A supplement to U.S. Canola Digest


Capitol Hill

As expected, the one-year extension of the 2008 Farm Bill expired Sept. 30 without Congress reconciling the two competing bills passed by the House and Senate earlier this year. The House did pass a rule by a 226-191 vote Sept. 28 to combine the House farm and nutrition bills, paving the way for lawmakers to name House and Senate conferees to resolve the legislation. First, however, Congress will immediately need to address the current self-inflicted crisis over its inability to pass a Continuing Resolution to fund government operations past Sept. 30. With temporary funding in place, lawmakers can then tackle the larger issue of increasing the national debt limit in mid-October or allow the nation to default on its debt, risking a world-wide fiscal calamity. Debate on the Farm Bill will be further postponed. As of Oct. 1, most of the U.S. Department of Agriculture (USDA) was closed due to the government shutdown. The USDA's website went offline, rerouting users to an Office of Management and Budget website with links about the shutdown contingency plans, including the USDA's various agencies such as the Risk Management Agency.

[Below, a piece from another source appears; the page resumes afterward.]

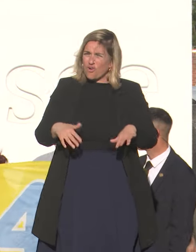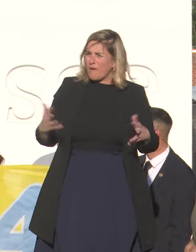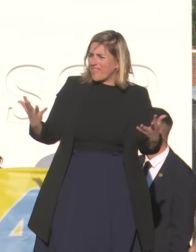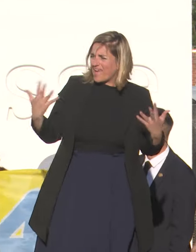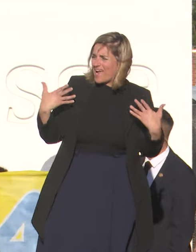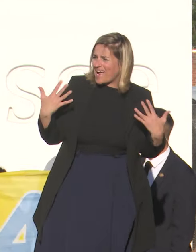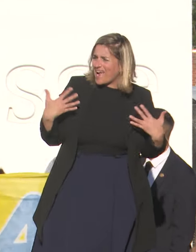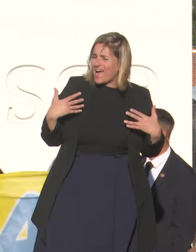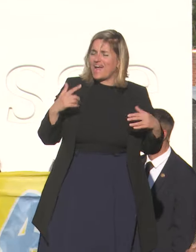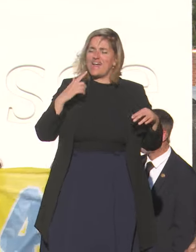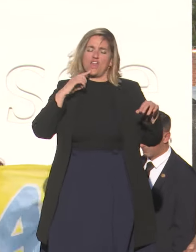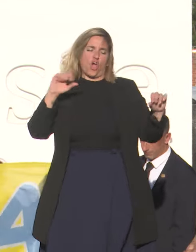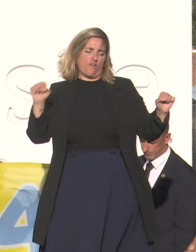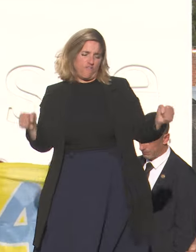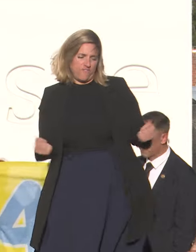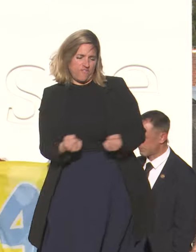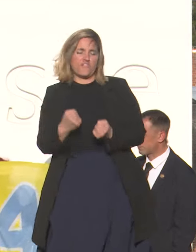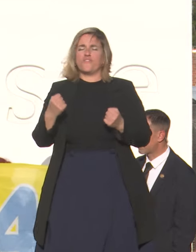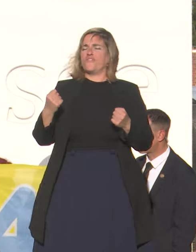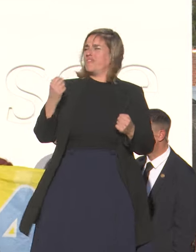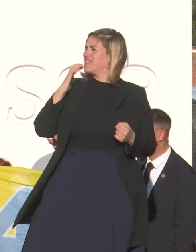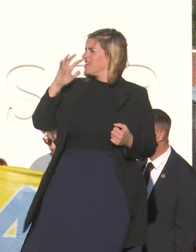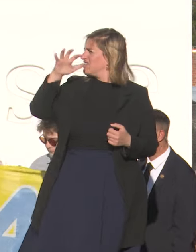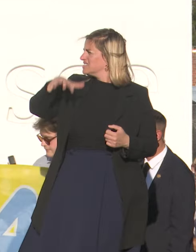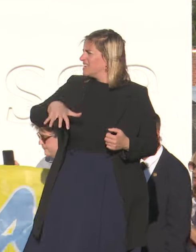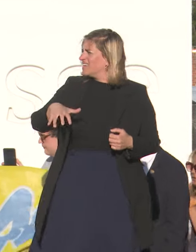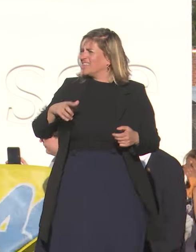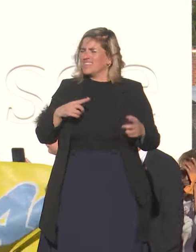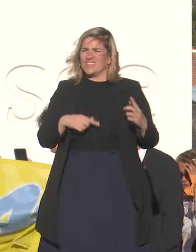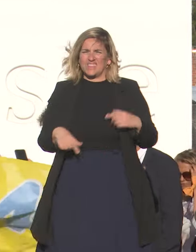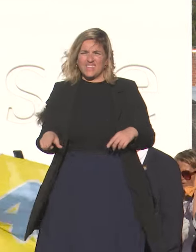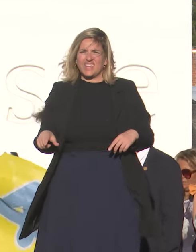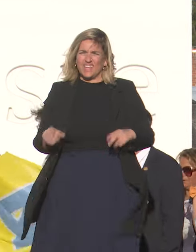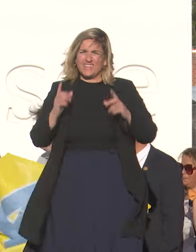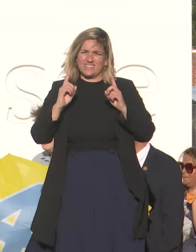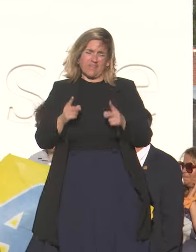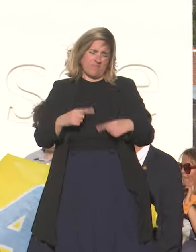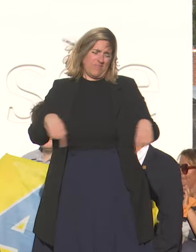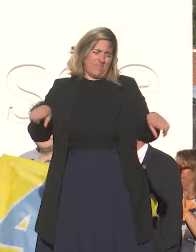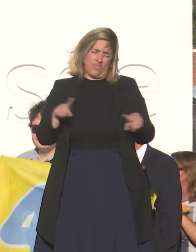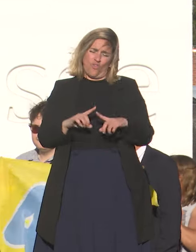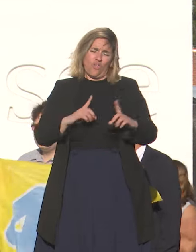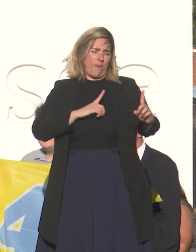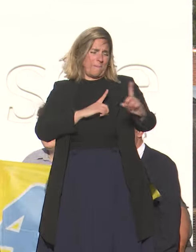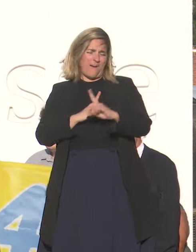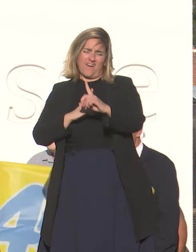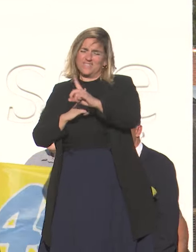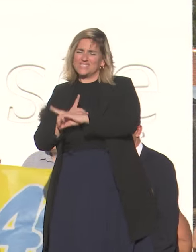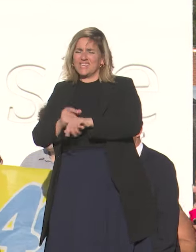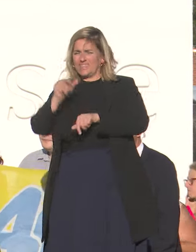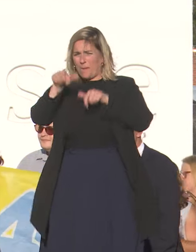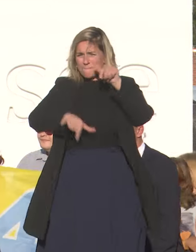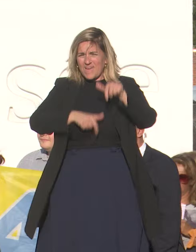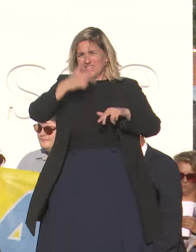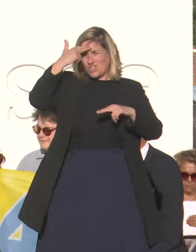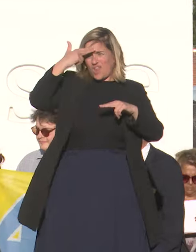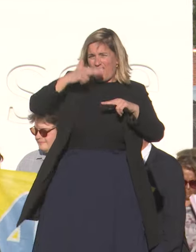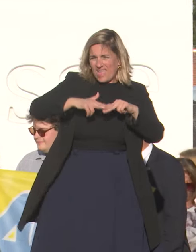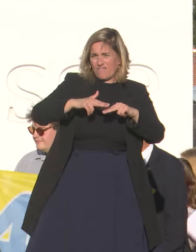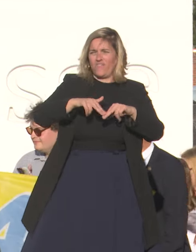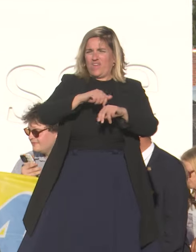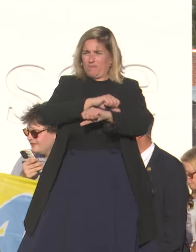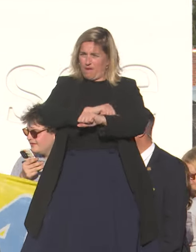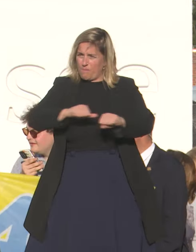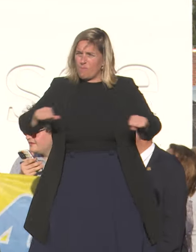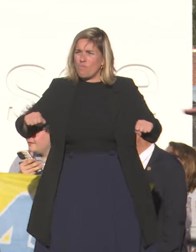acondicionado central tanto para frío como para calor. O sea que todos nuestros pacientes van a poder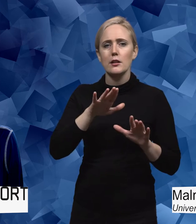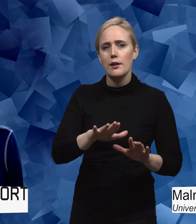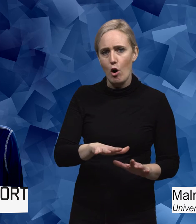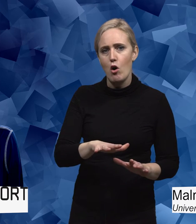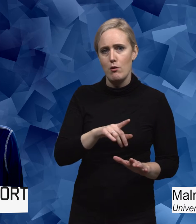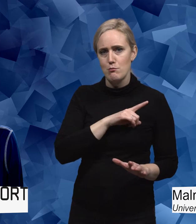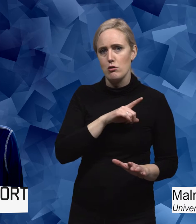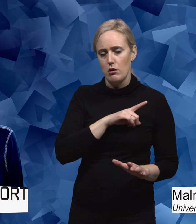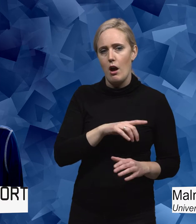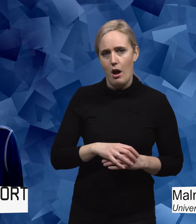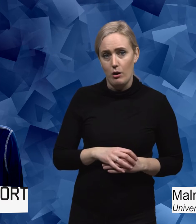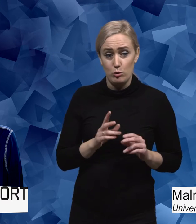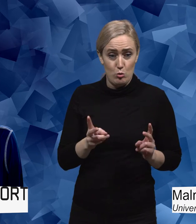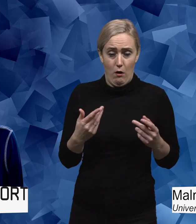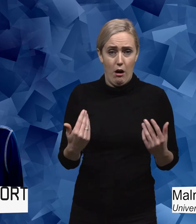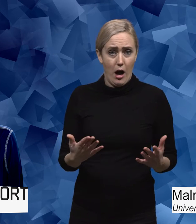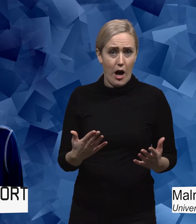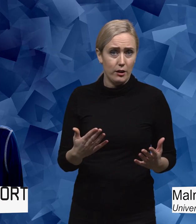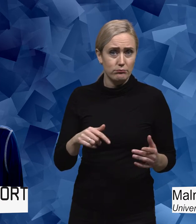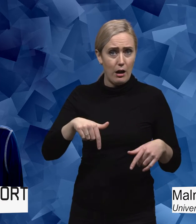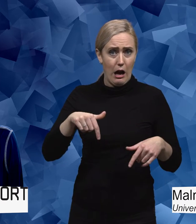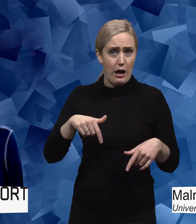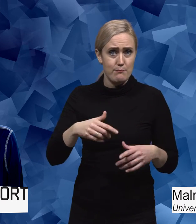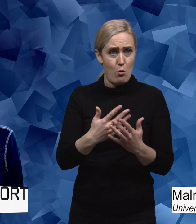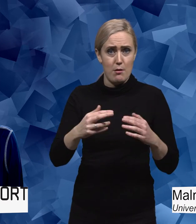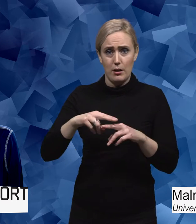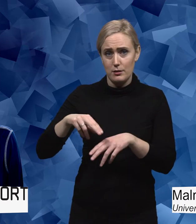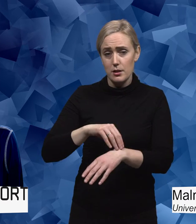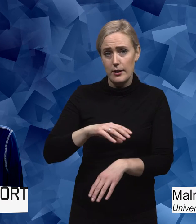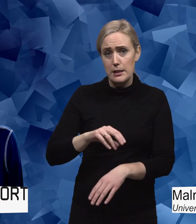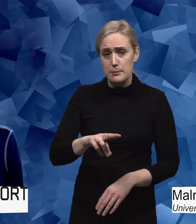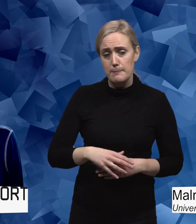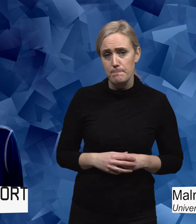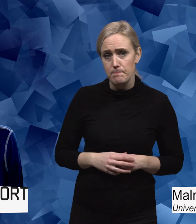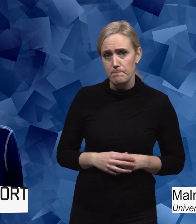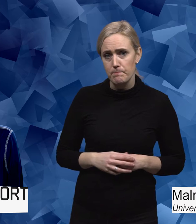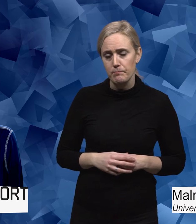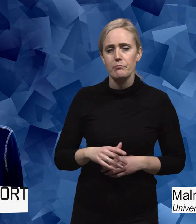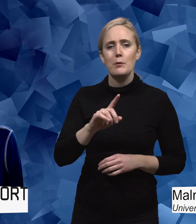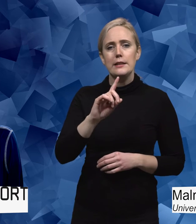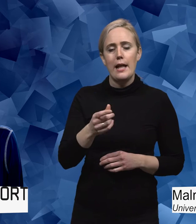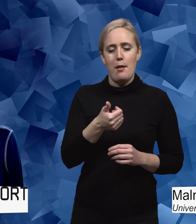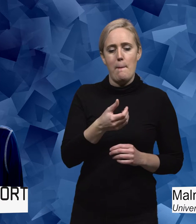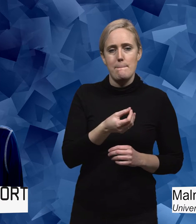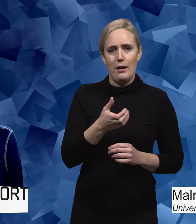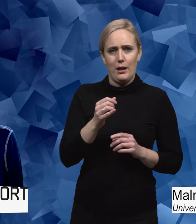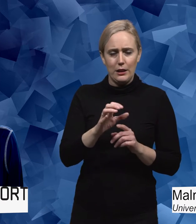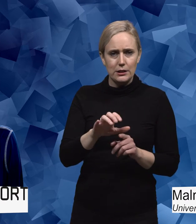väldigt hög grad. Och så ser det ju ut uppenbarligen här på många ställen i Sverige. Sen frågar Backe också var tystnaderna finns i

According to an internal audit released this September, the USDA crop insurance program that reimburses farmers for "prevented planting" creates disincentives for them to raise crops. The program has provided coverage of more than $480 million in "potentially excessive prevented planting payments," the audit states. The USDA's Risk Management Agency (RMA) has agreed to consult with USDA attorneys to determine if it will be lawful to reduce the historic yields of farmers who claim prevented planting. The RMA said it will determine if coverage levels are excessive by June 2014, allowing for potential policy changes for the 2015 crop year.

The USDA approved three new biotechnology innovations Sept. 25, including Monsanto's glyphosate resistant canola, male-sterile corn and Genective's glyphosate resistant corn. This final decision follows a preliminary deregulation in July by the Animal and Plant Health Inspection Service (APHIS). As a result, the agency will no longer monitor the field testing or movement of the plants. Agriculature Secretary Tom Vilsack says APHIS's new accelerated deregulation process aims to complete approval of genetically engineered plants in 1.3 years on average.


Agronomy

In August, Oregon Gov. John Kitzhaber signed a law banning the commercial production of canola in the Willamette Valley until 2019. The region spans 3 million acres. Local vegetable growers and specialty seed growers have been concerned canola would cross-pollinate with broccoli, kale, cabbage and other brassica crops. They also expressed worry that canola crops would introduce diseases and pests into the area's seed plots. Would-be canola farmers in the region maintain that the crop will not do either due to restrictions on how close canola can be planted to these crops and proper field management. They also argue there is no greater risk of outcrossing or volunteers with canola than with any other crop and that canola would provide a much-needed rotational crop for grass seed and wheat farmers The law funds research by Oregon State University to determine if canola should be regulated differently than other brassica.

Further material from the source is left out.